The relevance of Lamport’s algorithm to Oracle
By now the time stamping of
messages, use of clocks, and ordering of events must sound very much like “a
stamp that defines a committed version of a database at a point in time.” In
other words, the implementation of Dr. Lamport’s algorithm within Oracle is
what we know as an SCN generation scheme. A search for “Lamport SCN generation”
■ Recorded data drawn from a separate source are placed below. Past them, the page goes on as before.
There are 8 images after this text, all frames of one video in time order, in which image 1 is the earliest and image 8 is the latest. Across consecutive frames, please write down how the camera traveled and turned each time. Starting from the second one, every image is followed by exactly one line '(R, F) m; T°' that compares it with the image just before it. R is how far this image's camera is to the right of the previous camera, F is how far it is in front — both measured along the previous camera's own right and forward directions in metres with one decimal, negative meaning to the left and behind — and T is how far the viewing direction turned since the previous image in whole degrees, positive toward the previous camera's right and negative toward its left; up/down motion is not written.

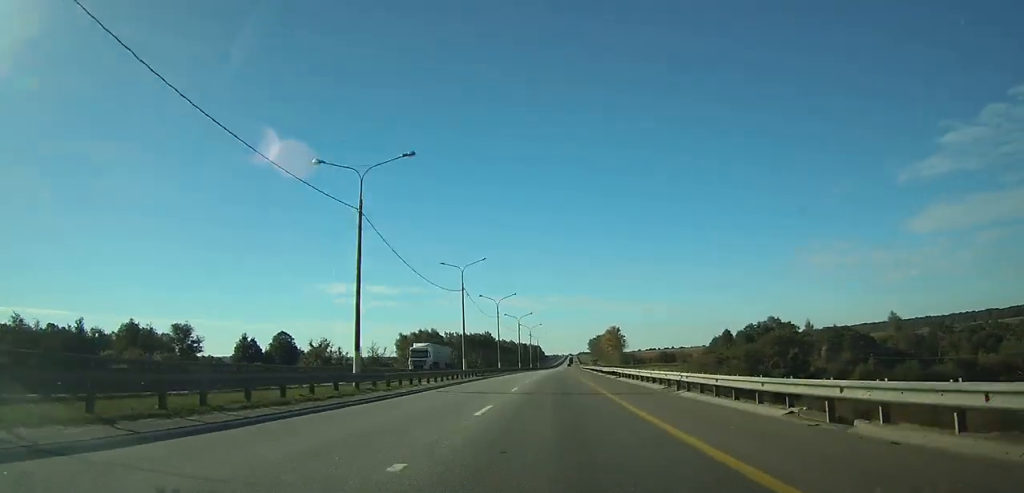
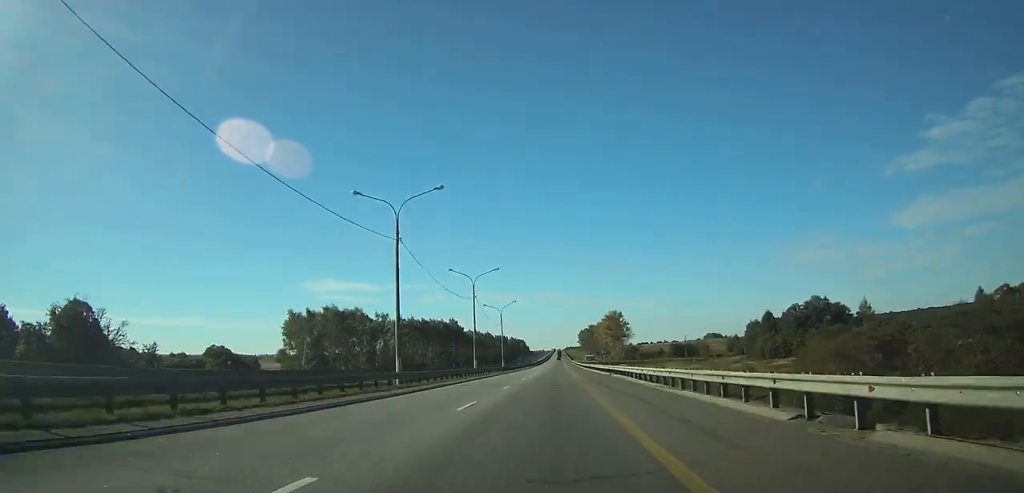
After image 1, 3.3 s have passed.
(+2.2, +82.7) m; +2°
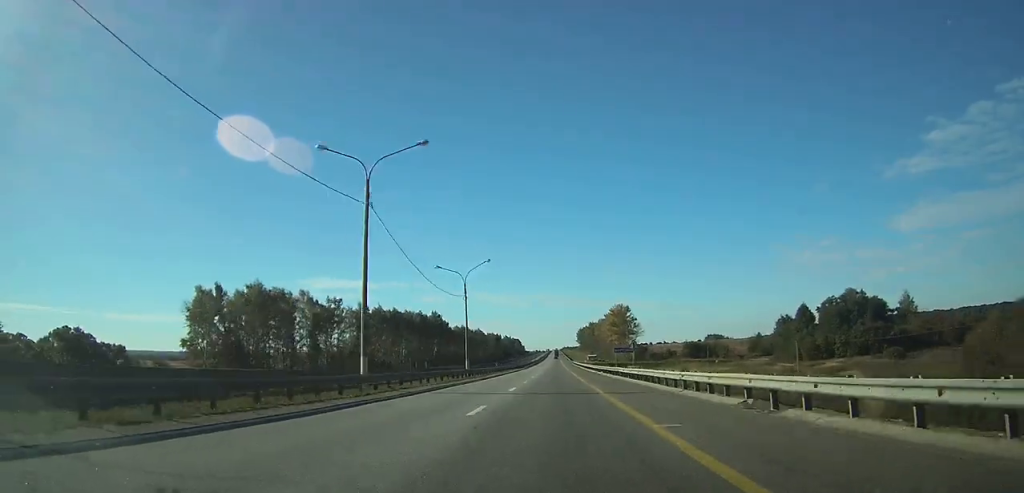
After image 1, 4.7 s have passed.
(+0.3, +37.2) m; 0°
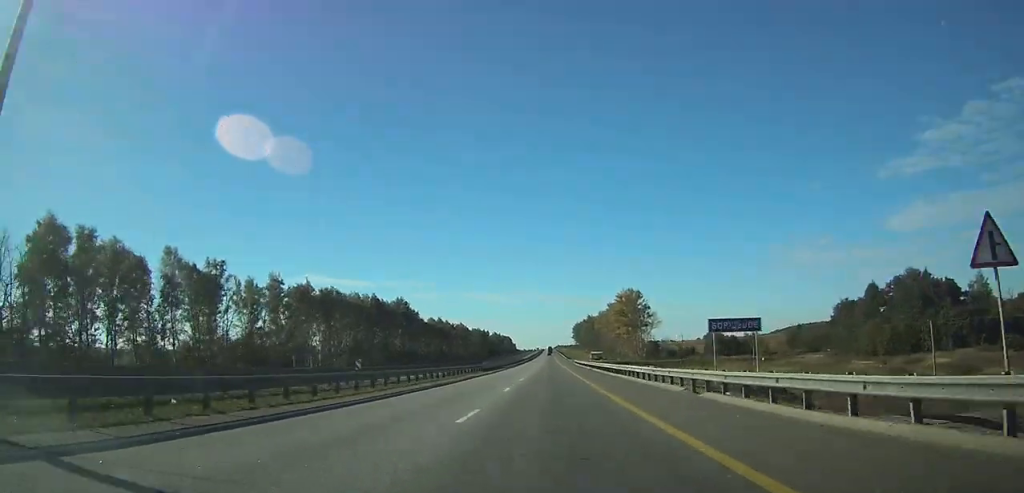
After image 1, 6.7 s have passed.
(+0.3, +49.4) m; 0°
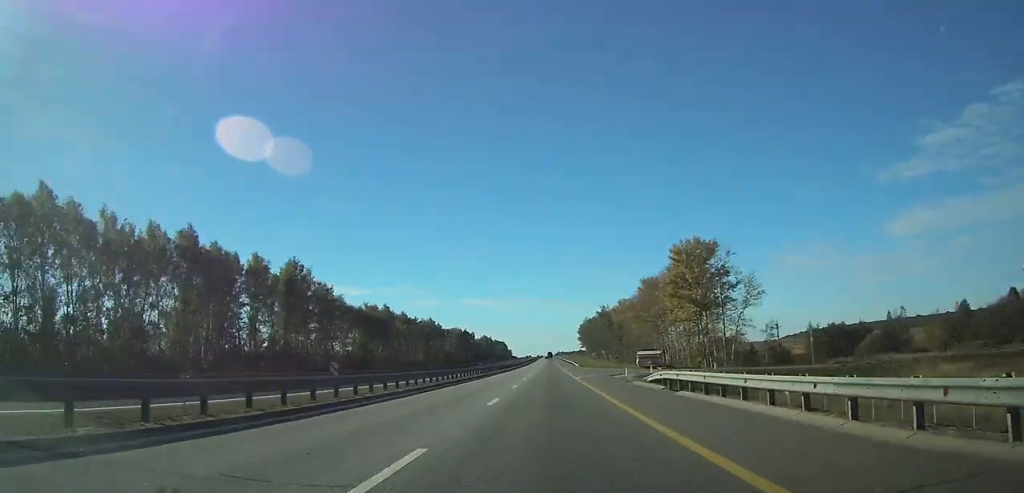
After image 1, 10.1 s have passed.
(+0.3, +89.0) m; 0°
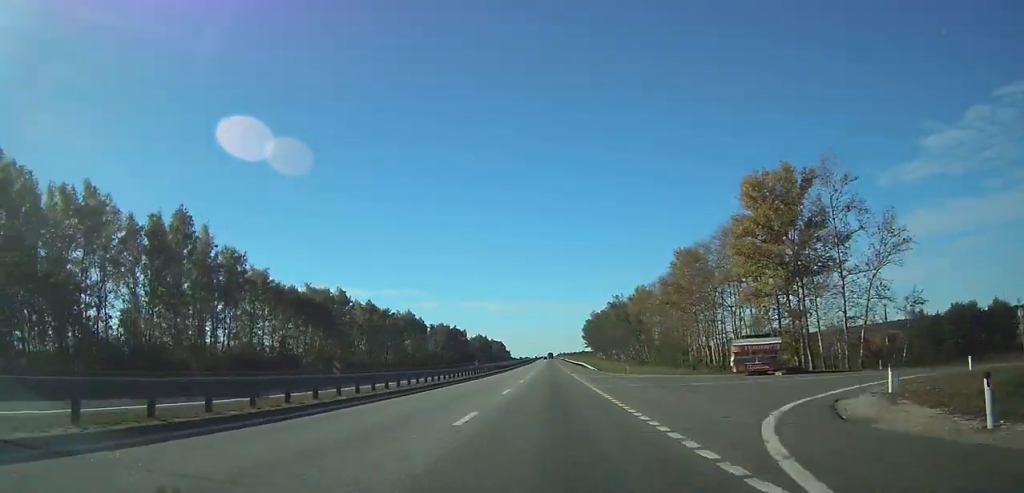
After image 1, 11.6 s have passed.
(0.0, +41.1) m; 0°
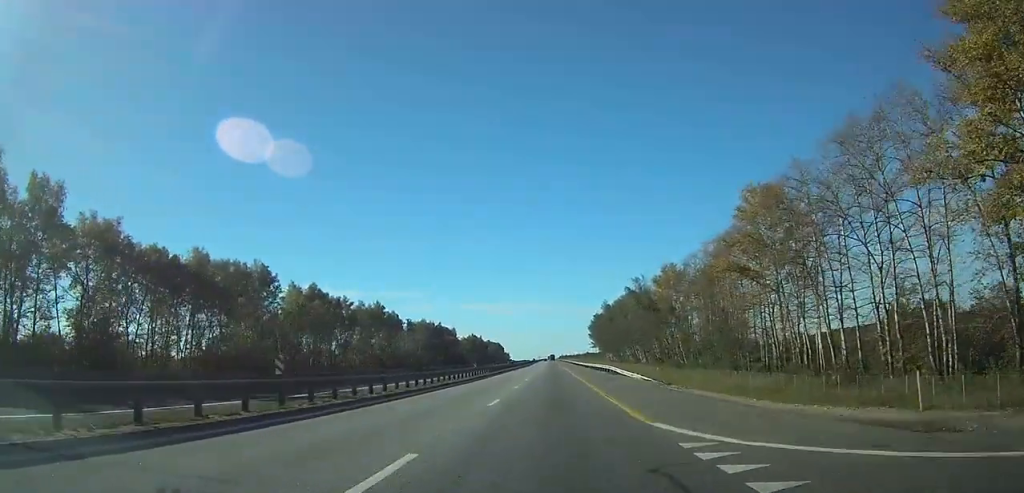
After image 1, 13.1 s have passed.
(+0.1, +41.9) m; 0°
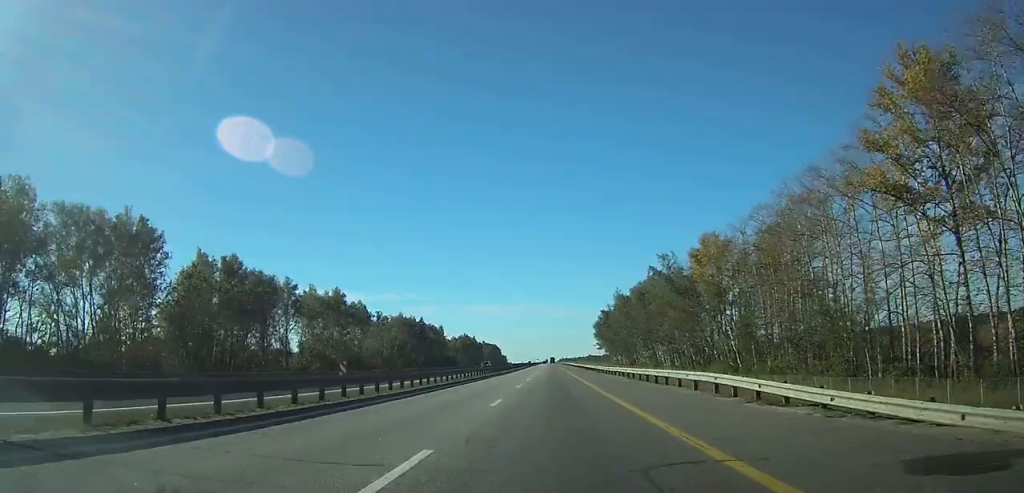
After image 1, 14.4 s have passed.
(0.0, +35.0) m; 0°

in Oracle’s documentation will show several references (primarily in RAC) to
this scheme, but none of them really defines what the scheme is or how it
works.
The astute reader may have
noticed I did not say this is “the” scheme (as in the one and only scheme).
Oracle uses several schemes in addition to the Lamport SCN generation scheme. Peek
inside your alert log and you will see something along the lines of what is
shown below.
Picked
broadcast on commit scheme to generate SCNs
Picked
latch-free SCN scheme 2
Picked
latch-free SCN scheme 3
MetaLink Note 260304.1 defines
what broadcast on commit is or does: “At every commit, the most recent local
SCN will be broadcasted. Read consistency is fully guaranteed for any kind of
workload, since every change in the local SCN is immediately propagated.” Aside
from this description, there is a general lack of public information about how
these schemes work.
In addition to the alert
log, a hidden parameter will also reveal the current SCN generation scheme. Is
the generation scheme modifiable? A query like the one below shows the answer.
SELECT X.KSPPINM NAME,
DECODE(BITAND(KSPPIFLG/256, 1), 1, ‘TRUE’, ‘FALSE’) SESMOD,
DECODE( BITAND(KSPPIFLG/65536, 3), 1, ‘IMMEDIATE’, 2, ‘DEFERRED’, 3, ‘IMMEDIATE’, ‘FALSE’ ) SYSMOD,
KSPPDESC DESCRIPTION
FROM SYS.X_$KSPPI X
WHERE X.INST_ID = USERENV(‘INSTANCE’)
AND TRANSLATE(KSPPINM,’_’,’#’) LIKE ‘#%’
AND X.KSPPINM like ‘%scn_scheme%’;
NAME SESMOD SYSMOD DESCRIPTION
———— ——- ———- ————
_scn_scheme FALSE FALSE SCN scheme
This query results in no
rows returned if using 10g Release 2 (the parameter is not present), which goes
to the familiar bromide of don’t count on being able to use hidden parameters.
In Closing
The time stamping and
ordering of events within Oracle is of prime importance and goes to the heart
of how transaction control and serialization are even possible. The total
ordering of disparate events, whether within a simple system or a distributed
one, is not just essential, but mandatory. Take the date of Dr. Lamport’s paper
into consideration and then recall when Oracle’s version 2 was released (no
version 1, long marketing spin story documented elsewhere). The tie-in is not
hard to miss. There was some very clever thought that went into the design of
Oracle, and at the same time, some very clever adaptation of other people’s
work, the algorithm stated in Dr. Lamport’s paper being one such example.
References:
Lamport, Leslie, “Time, Clocks
and the Ordering of Events in a Distributed System.”
Communications of the ACM 21, 7 (July 1978), 558-565.
Reprinted in several collections, including Distributed Computing: Concepts
and Implementations, McEntire et al., ed. IEEE Press, 1984.
See www.lamport.org for other related articles.